CA Reims, ch. civ. sect. instance, 20 avril 2021, n° 19/02359

REIMS

Arrêt

Infirmation

PARTIES

Défendeur :

Abs Tand Auto (SAS)

COMPOSITION DE LA JURIDICTION

Président :

M. Pety

Conseillers :

Mme Lefevre, Mme Magnard

TI Troyes, du 3 juin 2019

3 juin 2019

Mme Marlène F. a acquis le 21 décembre 2016 auprès de la SARL Abs'Tand Auto un véhicule d'occasion Peugeot 206 immatriculé EH-912-XP présentant 188 000 km au compteur, au prix de 2 976,76 euros, comprenant les frais de carte grise et une garantie de trois mois sur l'ensemble du véhicule et de six mois sur le train arrière.

Se plaignant de dysfonctionnements (voyants allumés sur le tableau de bord, problèmes de train arrière, inclinaison anormale du volant, problème de décélération et accélération) et doutant du résultat du contrôle technique effectué le 13 décembre 2016 par la société Dekra, Mme F. a fait réaliser un nouveau contrôle technique par la société Autocontrol le 10 février 2017.

Ce second contrôle technique a constaté :

- un jeu excessif et/ou une détérioration importante de la rotule, articulation de direction,

- un jeu important ou anormal de la rotule et/ou de l'articulation du demi-train arrière, ces deux défauts ne permettant pas de valider le contrôle technique réglementaire,

- un défaut d'étanchéité du moteur.

Le vendeur a consenti à changer l'essieu arrière du véhicule, les deux rotules axiales de direction, un jeu de plaquettes de frein avant, le tube d'échappement intermédiaire et le silencieux d'échappement, ainsi que deux pneus, et a opéré un réglage du train avant.

Considérant que des dysfonctionnements subsistaient, Mme F. a fait assigner la SARL Abs'Tand Auto devant le tribunal d'instance de Troyes, par acte du 26 décembre 2018, en :

- nullité de la vente pour réticence dolosive, avec remboursement de la somme de 3 031,76 euros et restitution du véhicule,

- résolution de la vente pour vice caché, avec remboursement de la somme de 3 031,76 euros et restitution du véhicule,

- condamnation du vendeur au paiement des sommes de 2 500 euros pour préjudice moral et de 1 000 euros pour frais irrépétibles, ainsi qu'aux dépens.

La SARL Abs'Tand Auto s'est opposée à l'ensemble des demandes et a sollicité la condamnation de Mme F. au paiement de 1 500 euros pour frais irrépétibles. Elle a soutenu que le consentement de l'acquéreur n'avait pas été vicié et que les vices invoqués étaient apparents ou relevaient de l'usure normale du véhicule.

Le jugement du 3 juin 2019 a débouté Mme F. de l'ensemble de ses demandes et l'a condamnée aux dépens et au paiement à la SARL Abs'Tand Auto d'une somme de 300 euros sur le fondement de l'article 700 du code de procédure civile.

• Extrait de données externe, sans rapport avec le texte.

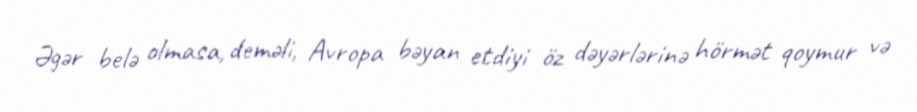
Əgər belə olmasa, deməli, Avropa bəyan etdiyi öz dəyərlərinə hörmət qoymur və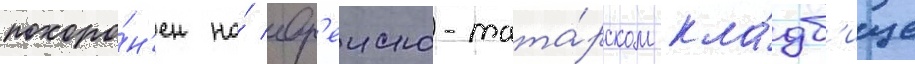
похоро́н'ен на́ евр'еиско-тата́рском кла́дб'ище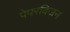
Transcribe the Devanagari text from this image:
पेपरविजन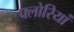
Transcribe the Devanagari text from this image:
फ्लोरियां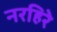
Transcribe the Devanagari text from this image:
नरहिरे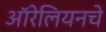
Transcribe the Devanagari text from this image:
ऑरेलियनचे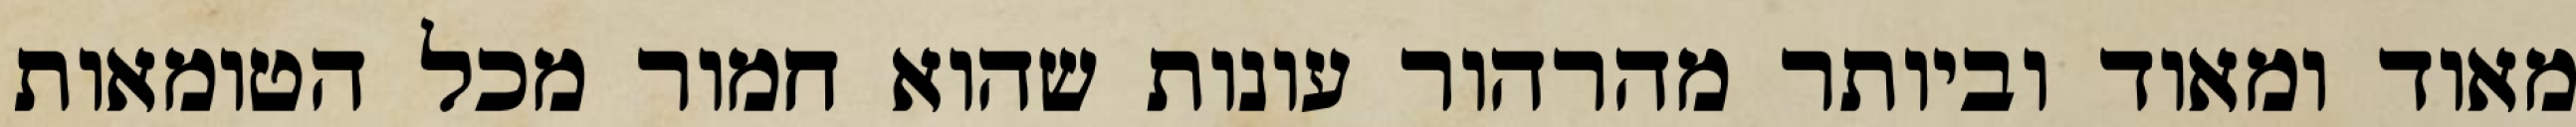
מאוד ומאוד וביותר מהרהור עונות שהוא חמור מכל הטומאות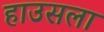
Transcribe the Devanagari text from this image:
हाउसला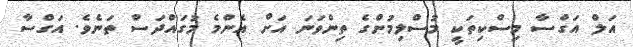
އަލް އަގްސާ މިސްކިތަކީ މުސްލިމުންގެ ތިންވަނަ އަށް އެންމެ މުގައްދަސް ތަނެވެ. އަގްސާ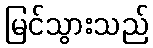
မြင်သွားသည်

Le jugement a été signifié à Mme F. le 22 juillet 2019.

Mme F. a fait appel le 27 novembre 2019 de toutes les dispositions du jugement, après avoir demandé l'aide juridictionnelle le 24 juillet 2019 et après qu'un avocat lui ait été désigné, le 20 novembre 2019.

Par conclusions du 16 novembre 2020, elle demande à la cour d'infirmer le jugement, au visa des articles 1104, 1130, 1137, 1112-1 et 1641 du code civil, afin de :

- annuler la vente du 21 décembre 2016,

- ordonner la reprise du véhicule par la SARL Abs'Tand Auto,

- ordonner le remboursement par la SARL Abs'Tand Auto des sommes suivantes :

. 2 900 euros de prix de vente

. 76,76 euros de frais de carte grise

. 55 euros de contrôle technique du 10 février 2016

soit au total 3 031,76 euros,

- condamner la SARL Abs'Tand Auto à lui payer la somme de 2 500 euros en réparation de son préjudice moral,

- condamner la SARL Abs'Tand Auto aux dépens de première instance et d'appel.

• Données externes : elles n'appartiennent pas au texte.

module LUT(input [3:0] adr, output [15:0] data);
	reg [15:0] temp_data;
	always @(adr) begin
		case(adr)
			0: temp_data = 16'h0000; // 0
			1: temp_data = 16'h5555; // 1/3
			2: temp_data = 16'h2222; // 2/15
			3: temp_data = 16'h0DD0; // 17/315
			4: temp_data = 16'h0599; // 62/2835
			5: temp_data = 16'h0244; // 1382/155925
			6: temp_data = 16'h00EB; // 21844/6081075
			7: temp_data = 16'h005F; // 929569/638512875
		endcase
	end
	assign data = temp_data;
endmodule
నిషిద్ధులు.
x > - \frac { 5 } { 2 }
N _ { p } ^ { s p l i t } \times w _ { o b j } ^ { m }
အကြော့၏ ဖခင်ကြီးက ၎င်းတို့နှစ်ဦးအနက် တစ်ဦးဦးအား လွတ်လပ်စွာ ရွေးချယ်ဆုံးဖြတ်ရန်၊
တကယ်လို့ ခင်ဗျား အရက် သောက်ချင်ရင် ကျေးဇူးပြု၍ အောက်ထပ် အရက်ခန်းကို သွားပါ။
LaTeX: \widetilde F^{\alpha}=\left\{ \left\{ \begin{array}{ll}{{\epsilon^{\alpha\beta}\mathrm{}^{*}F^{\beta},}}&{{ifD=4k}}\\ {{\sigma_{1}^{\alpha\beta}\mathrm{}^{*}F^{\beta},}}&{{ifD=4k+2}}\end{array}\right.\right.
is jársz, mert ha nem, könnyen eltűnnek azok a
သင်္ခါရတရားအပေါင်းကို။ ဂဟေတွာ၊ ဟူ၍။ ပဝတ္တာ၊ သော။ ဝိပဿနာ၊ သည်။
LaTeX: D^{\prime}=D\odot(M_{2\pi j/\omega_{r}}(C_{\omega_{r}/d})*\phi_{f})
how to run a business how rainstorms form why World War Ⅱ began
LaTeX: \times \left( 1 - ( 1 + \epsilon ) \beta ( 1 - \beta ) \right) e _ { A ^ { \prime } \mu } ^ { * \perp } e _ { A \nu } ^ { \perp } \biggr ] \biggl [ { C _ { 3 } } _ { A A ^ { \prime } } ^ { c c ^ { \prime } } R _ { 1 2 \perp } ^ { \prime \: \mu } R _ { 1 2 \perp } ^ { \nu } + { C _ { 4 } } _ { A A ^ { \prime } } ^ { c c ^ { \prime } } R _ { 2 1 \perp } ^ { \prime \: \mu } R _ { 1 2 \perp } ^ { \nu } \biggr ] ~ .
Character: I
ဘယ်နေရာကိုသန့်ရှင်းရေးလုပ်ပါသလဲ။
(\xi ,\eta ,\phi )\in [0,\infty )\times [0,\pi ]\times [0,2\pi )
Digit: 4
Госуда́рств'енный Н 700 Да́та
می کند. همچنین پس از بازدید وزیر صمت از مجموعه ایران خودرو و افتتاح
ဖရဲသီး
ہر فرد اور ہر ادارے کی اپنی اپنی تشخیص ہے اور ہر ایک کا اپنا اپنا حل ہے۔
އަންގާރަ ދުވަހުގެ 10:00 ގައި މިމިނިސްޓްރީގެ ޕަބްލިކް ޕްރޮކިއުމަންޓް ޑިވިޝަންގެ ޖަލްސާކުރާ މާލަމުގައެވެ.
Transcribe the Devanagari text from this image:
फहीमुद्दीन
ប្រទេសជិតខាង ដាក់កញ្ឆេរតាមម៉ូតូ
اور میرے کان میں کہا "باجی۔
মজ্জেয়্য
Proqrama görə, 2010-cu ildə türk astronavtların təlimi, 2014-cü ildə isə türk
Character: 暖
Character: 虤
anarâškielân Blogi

Par ordonnance du 5 janvier 2021, le conseiller de la mise en état a déclaré irrecevables les conclusions de l'intimée du 17 novembre 2020.

L'ordonnance de clôture est intervenue le 23 février 2021.

Motifs de la décision :

Le tribunal d'instance a rejeté les demandes de Mme F. en nullité de la vente pour réticence dolosive et en résolution de la vente pour vice caché, ainsi que la demande en dommages et intérêts subséquente.

Devant la cour, Mme F. agit en nullité de la vente pour manquement au devoir d'information du vendeur, en nullité de la vente pour réticence dolosive du vendeur et en résolution de la vente pour vice caché.

Rappel des faits constants :

La SARL Abs'Tand Auto est un garage spécialisé dans l'entretien et la réparation de véhicules automobiles légers et vend des véhicules d'occasion de toutes marques. Elle a mis en ligne le 1er décembre 2016 sur le site « Le bon coin » une annonce de vente d'un véhicule aux caractéristiques suivantes : Peugeot 206 1.4 HDI X LINE 3P berline, gris, 4cv, 3 portes, carburant : diesel, mise en circulation le 1er mai 2005, garantie 3 mois, kilométrage : 188 000 km, ... (pièce n° 27).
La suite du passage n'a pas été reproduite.